Há apenas dois anos, uma equipe da Universidade da Flórida publicou um artigo inovador revelando como cultivou agrião em regolito lunar coletado durante a era Apollo. Nesse mesmo ano, cientistas da Universidade Estadual de Iowa cultivaram nabos, rabanetes e alface em regolito marciano simulado, enquanto outros estudos em todo o país revisaram os desafios de implantação para experimentos de pesquisa, onde culturas como trigo foram germinadas em solo lunar e marciano simulado.

Juntos, esses estudos voltados para o espaço indicam ainda mais um aumento no momentum para um campo que aproveita nossa fixação coletiva com outros mundos, enquanto sutilmente explora soluções para uma crise terrestre tão politizada que provoca sentimentos de desconexão.

Embora o estudo de Gonçalves forneça uma visão “tentadora” de como métodos agrícolas tradicionais poderiam ser usados em Marte, pode não ser a “abordagem mais lógica” lá, disse Gene Giacomelli. Ele considera os procedimentos de cultivo sem solo, ou hidropônicos, a “única abordagem” para começar a produzir alimentos com segurança em outro planeta. Ele é o diretor fundador do Centro de Agricultura em Ambiente Controlado da Universidade do Arizona, onde passou mais de 20 anos desenvolvendo uma estufa para uso no Planeta Vermelho.

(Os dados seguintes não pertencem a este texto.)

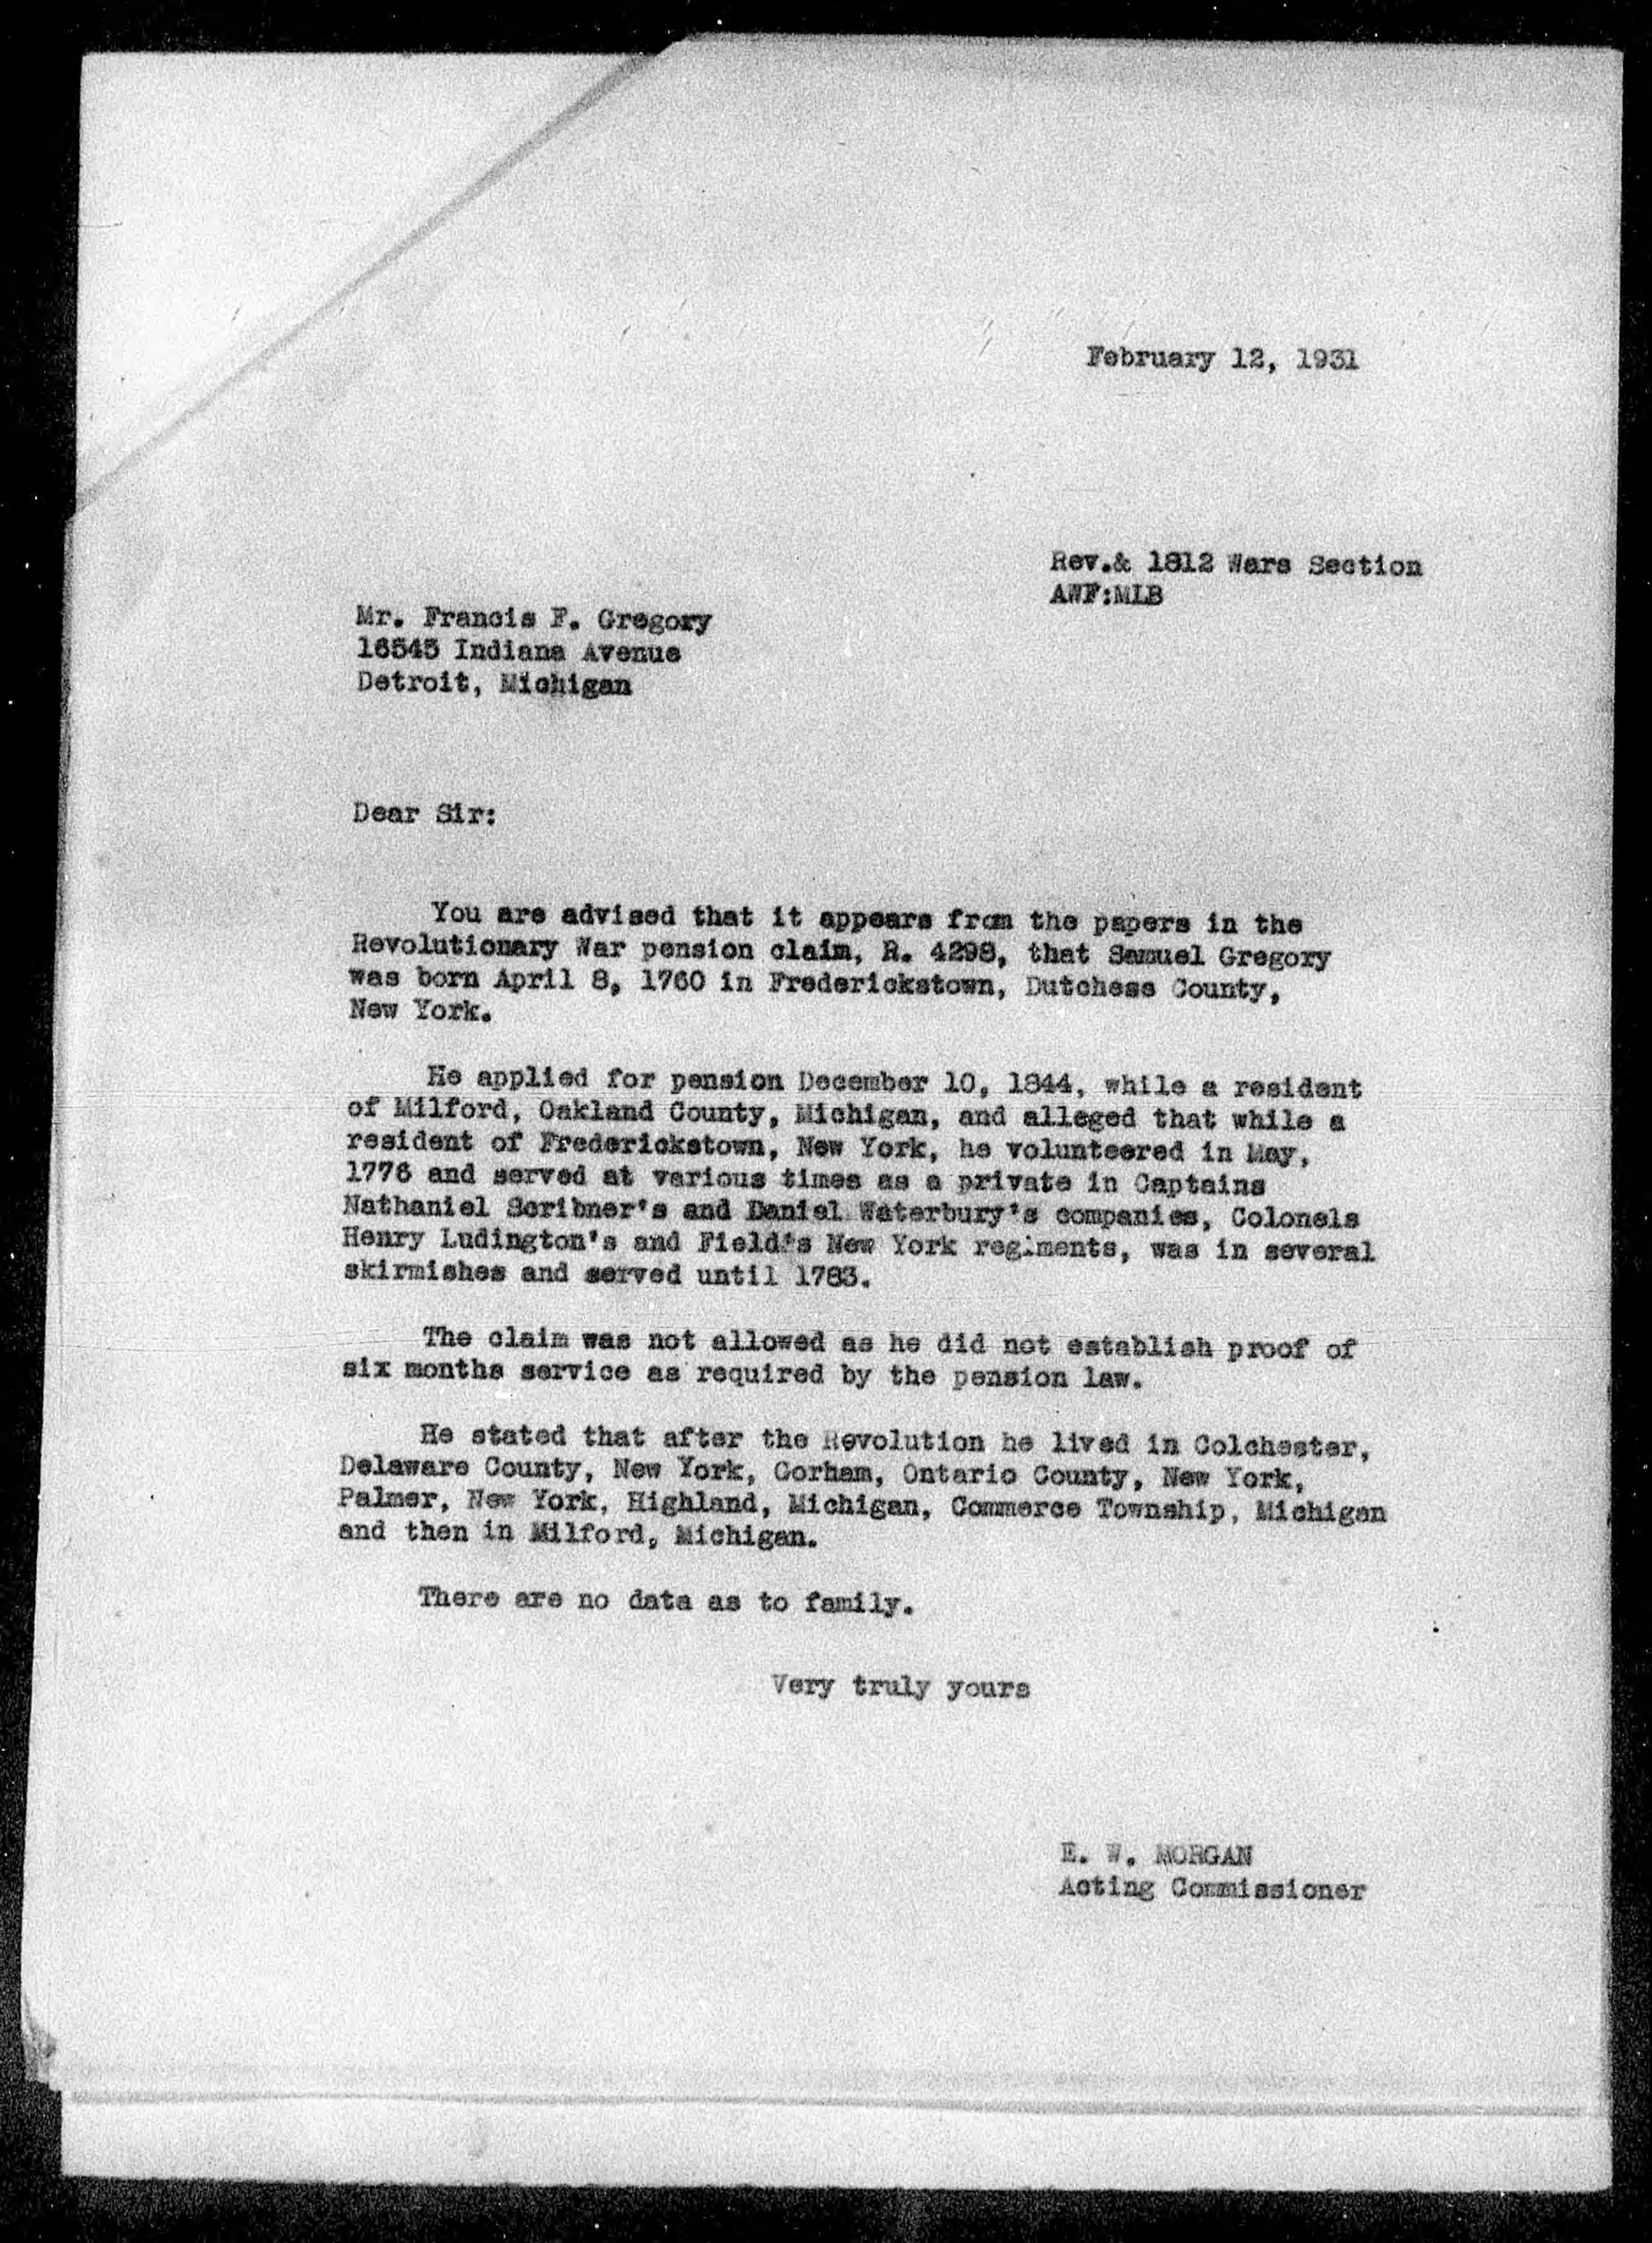February 12, 1931

Rev. & 1812 Wars Section
AWF:MLB

Mr. Francis F. Gregory
16545 Indiana Avenue
Detroit, Michigan

Dear Sir:

You are advised that it appears from the papers in the Revolutionary War pension claim, R. 4298, that Samuel Gregory was born April 8, 1760 in Frederickstown, Dutchess County, New York.

He applied for pension December 10, 1844, while a resident of Milford, Oakland County, Michigan, and alleged that while a resident of Frederickstown, New York, he volunteered in May, 1776 and served at various times as a private in Captains Nathanial Scribner's and Daniel Waterbury's companies, Colonels Henry Ludington's and Field's New York Regiments, was in several skirmishes and served until 1783.

The claim was not allowed as he did not establish proof of six months service as required by the pension law.

He stated that after the Revolution he lived in Colchester, Deaware County, New York, Gorham, Ontario County, New York, Palmer, New York, Highland, Michigan, Commerce Township, Michigan and then in Milford, Michigan.

There are no data as to his family.

Very truly yours

E.W. Morgan
Acting Commi

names: Samuel Gregory, E W Morgan, Francis F Gregory
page: 27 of 66
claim: rejected
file: R. 4298, Samuel Gregory, New York

Ainda assim, Giacomelli concorda que o consórcio pode ser útil nos solos erodidos da Terra, uma ideia que também intriga Thomas Graham. Ele é professor associado da Universidade de Guelph, que estuda agricultura espacial desde 1997, e acredita que o trabalho de Gonçalves destaca “a importância dos solos de qualidade para um suprimento alimentar confiável, tanto na Terra, onde os solos estão sob considerável pressão, quanto em futuras aplicações espaciais.”

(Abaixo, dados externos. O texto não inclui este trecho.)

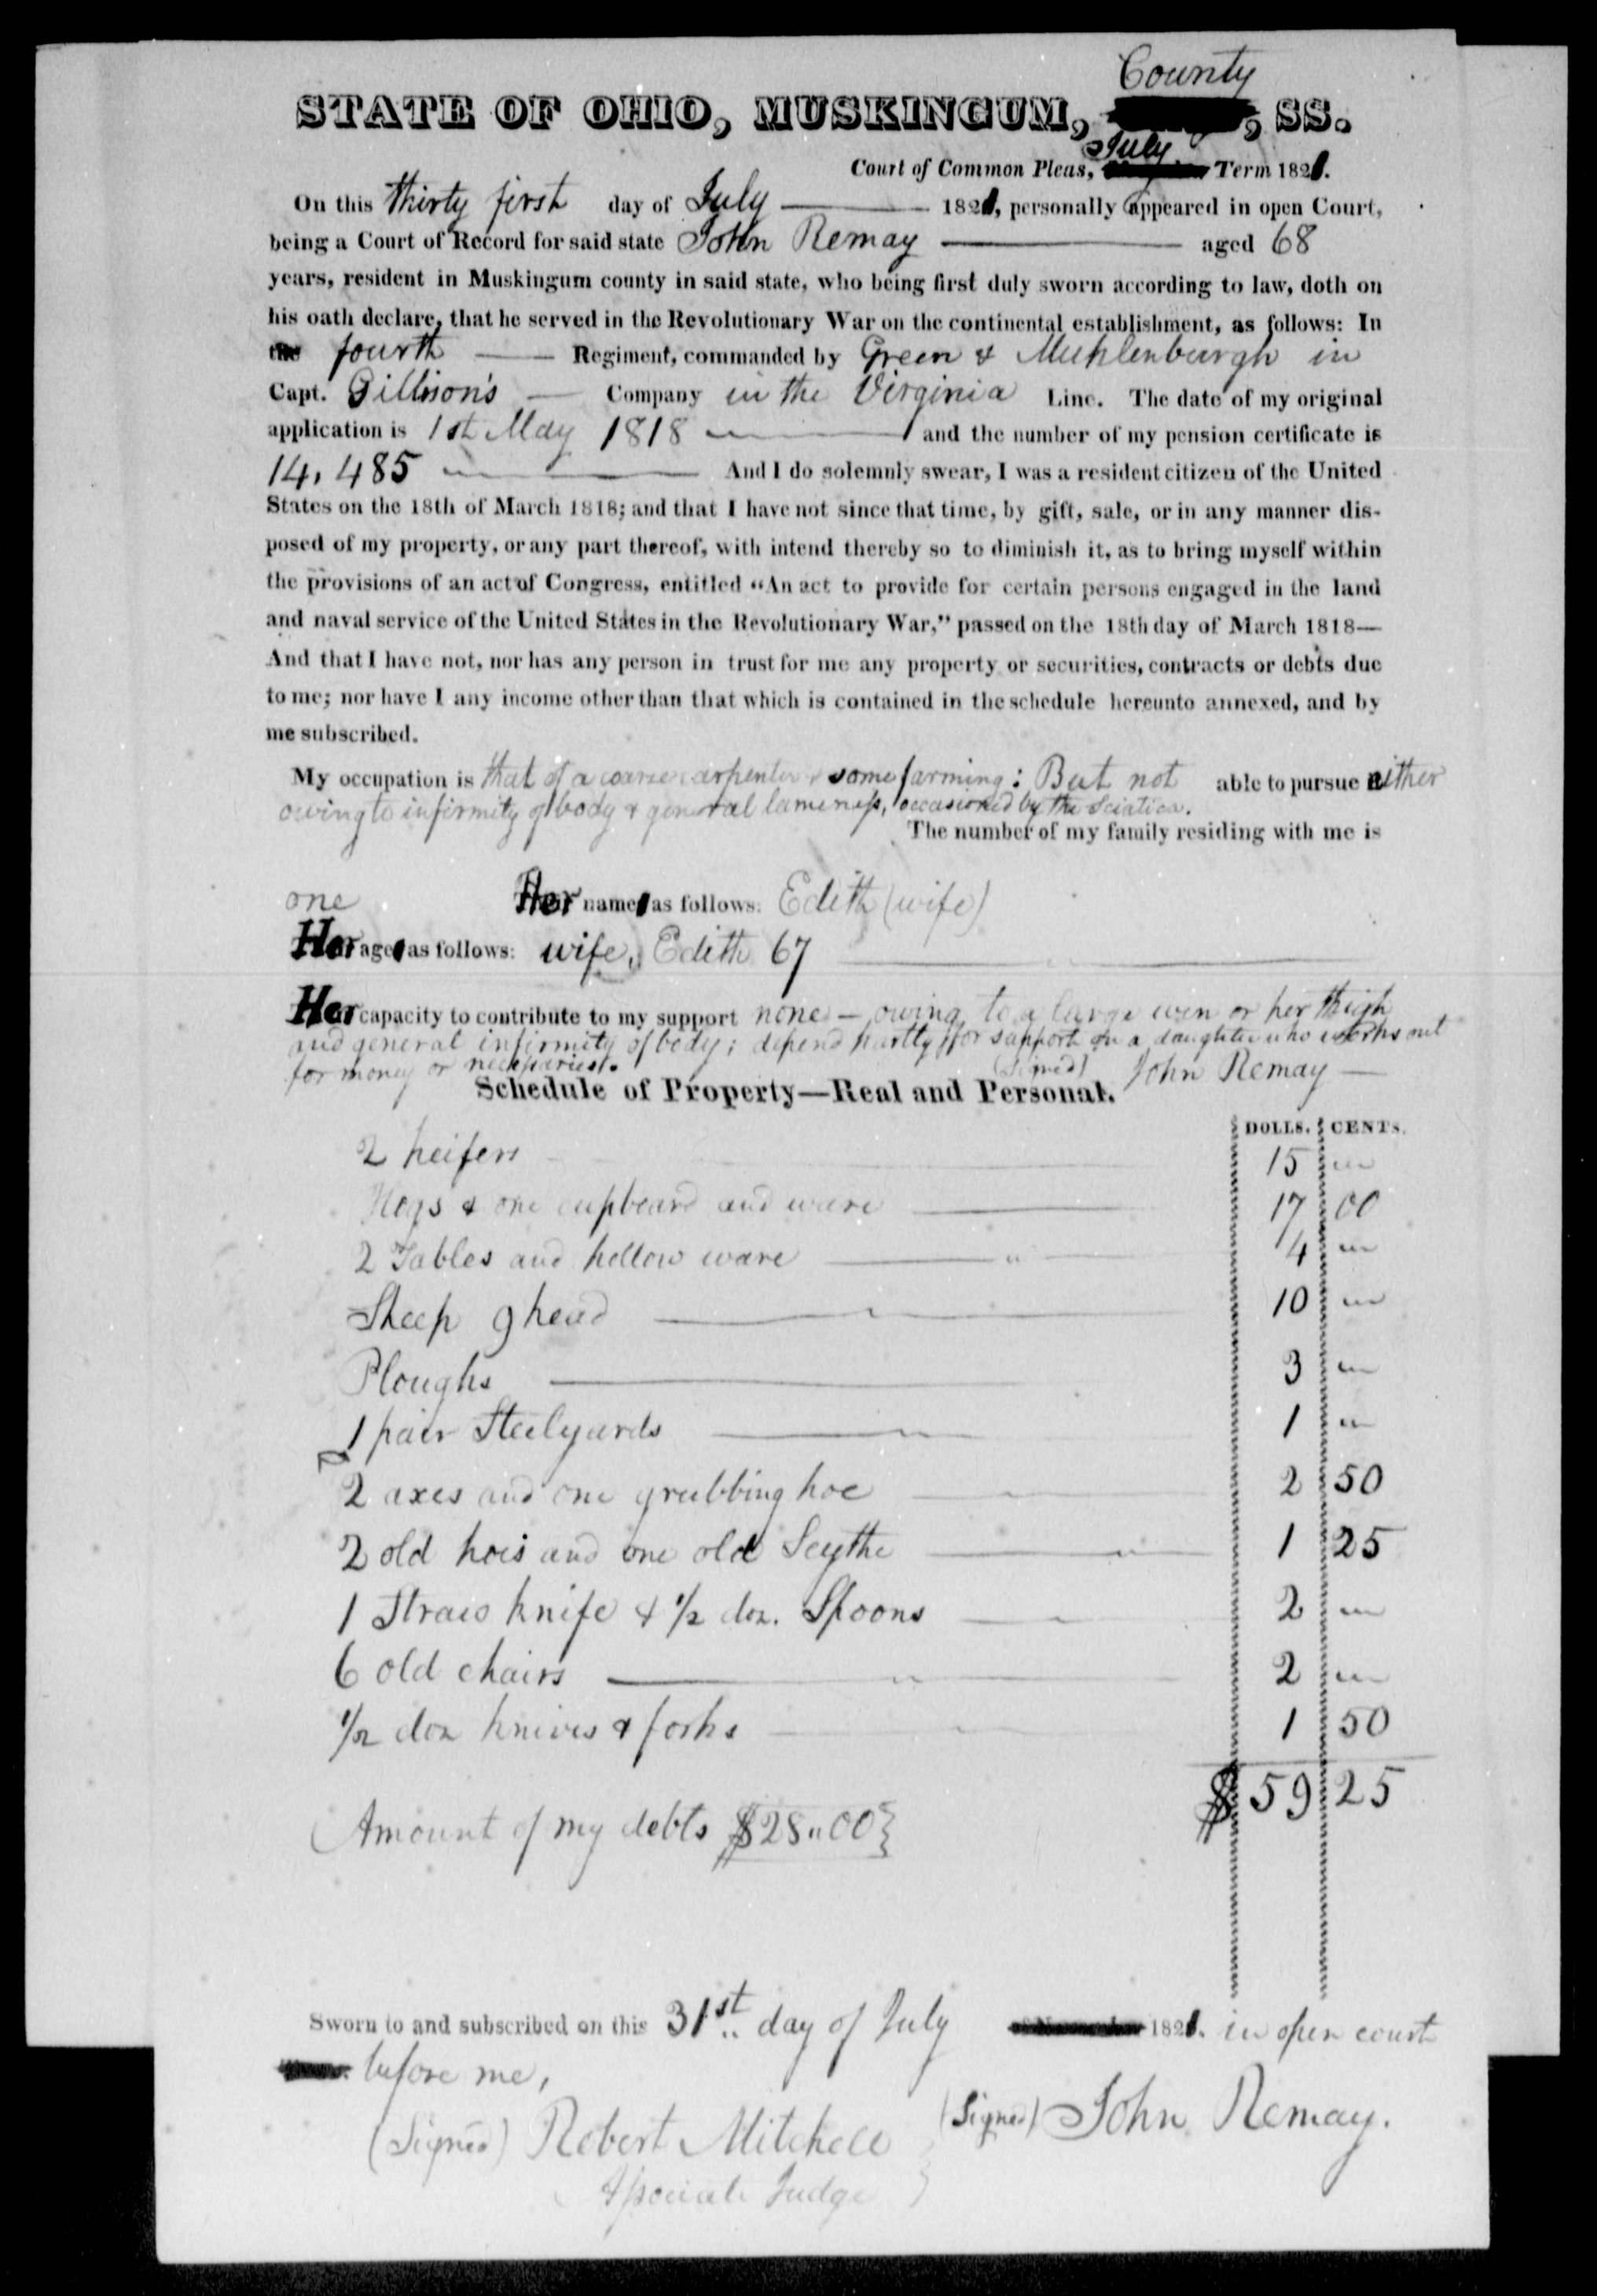STATE OF OHIO, MUSKINGUM, County [crossed out: illegible], SS.
Court of Common Pleas, July crossed out: illegible] Term 1821.

On this thirty first day of July - 1821, personally appeared in open Court, being a Court of Record for said state John Remay - aged 68 years, resident in Muskingum county in said state, who being first duly sworn according to law, doth on his oath declare, that he served in the Revolutionary War on the continental establishment, as follows: In the fourth - Regiment, commanded by Green & Muhlenburgh in Capt. Gillion's - Company in the Virginia Line. The date of my original application is 1st May 1818 - and the number of my pension certificate is 14,485 - And I do solemnly swear, I was a resident citizen of the United States on the 18th of March 1818; and that I have not since that time, by gift, sale, or in any manner disposed of my property, or any part thereof, with intend thereby so to diminish it, as to bring myself within the provisions of an act of Congress, entitled "An act to provide for certain persons engaged in the land and naval service of the United States in the Revolutionary War," passed on the 18th day of March 1818- And that I have not, nor has any person in trust for me any property or securities, contracts or debts due to me; nor have I any income other than what is contained in the schedule hereto annexed, and by me subscribed.

My occupation is that of a coarse carpenter & some farming: But not able to pursue either owing to infirmity of body & general lameness, occasioned by the Sciatica.
The number of my family residing with me is one Her [overwritten: Their] name [crossed out: s] as follows: Edith (wife)
Her [overwritten: Their] age [crossed out: s] as follows: wife, Edith 67 -
Her [overwritten: Their] capacity to contribute to my support none - owing to a large wen on her thigh and general infirmity of body; depend partly for support on a daughter who works out for money or necessaries. (signed) John Remay-

Schedule of Property - Real and Personal. 
DOLLS. CENTS.
2 heifers - 15-
Hogs & one cupboard and ware - 17.00
2 Tables and hollow ware - 4-
Sheep 9 head - 10-
Ploughs - 3-
1 pair Steelyards - 1-
2 axes and one grubbing hoe - 2.50
2 old hoes and one old Scythe - 1.25
1 Straw knife & 1/2 doz. Spoons - 2-
6 old chairs - 2-
1/2 doz knives & forks - 1.50
$59.25
Amount of my debts $28,,00

Sworn to and subscribed on this 31st day of July [crossed out: illegible] 1821. in open court  [crossed out: illegible] before me,
(Signed) Robert Mitchell Associate Judge (Signed) John Remay.

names: [BLANK] Muhlenburgh; John Remay; Edith [BLANK]; John Remay; Edith [BLANK]; John Remay; Robert Mitchell; [BLANK] Green
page: 3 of 84
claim: widow's
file: W.11104, for John Remay, Virginia

Projeto financiado pela NASA

No início de sua carreira, ele esteve envolvido em um projeto financiado pela NASA para construir uma pequena estufa na tundra do Ártico canadense, um “local análogo a Marte” conhecido por suas condições implacáveis. Enquanto estava lá, testemunhou os “horríveis problemas de insegurança alimentar” enfrentados por aqueles que vivem em algumas das comunidades remotas mais setentrionais do Canadá.

“Conseguir alimentos frescos lá é muito difícil, se é que você consegue obtê-los”, disse ele. “E é horrivelmente caro.” Isso o levou a explorar soluções tecnológicas para o desafio de cultivar safras nos ambientes mais extremos dos extremos — o espaço sideral.

“Fui sortudo por poder ajudar a explorar o espaço enquanto ajudava as pessoas a garantir que tivessem uma refeição para comer”, disse Graham. “Isso também ajuda na minha maneira de contribuir para ajudar a sociedade a se adaptar à bagunça que fizemos com as mudanças climáticas.”

Soluções como estufas desenvolvidas para colonizar outros mundos poderiam, segundo Graham, ser implantadas em áreas devastadas pela seca na Terra “no dia seguinte” após serem concebidas.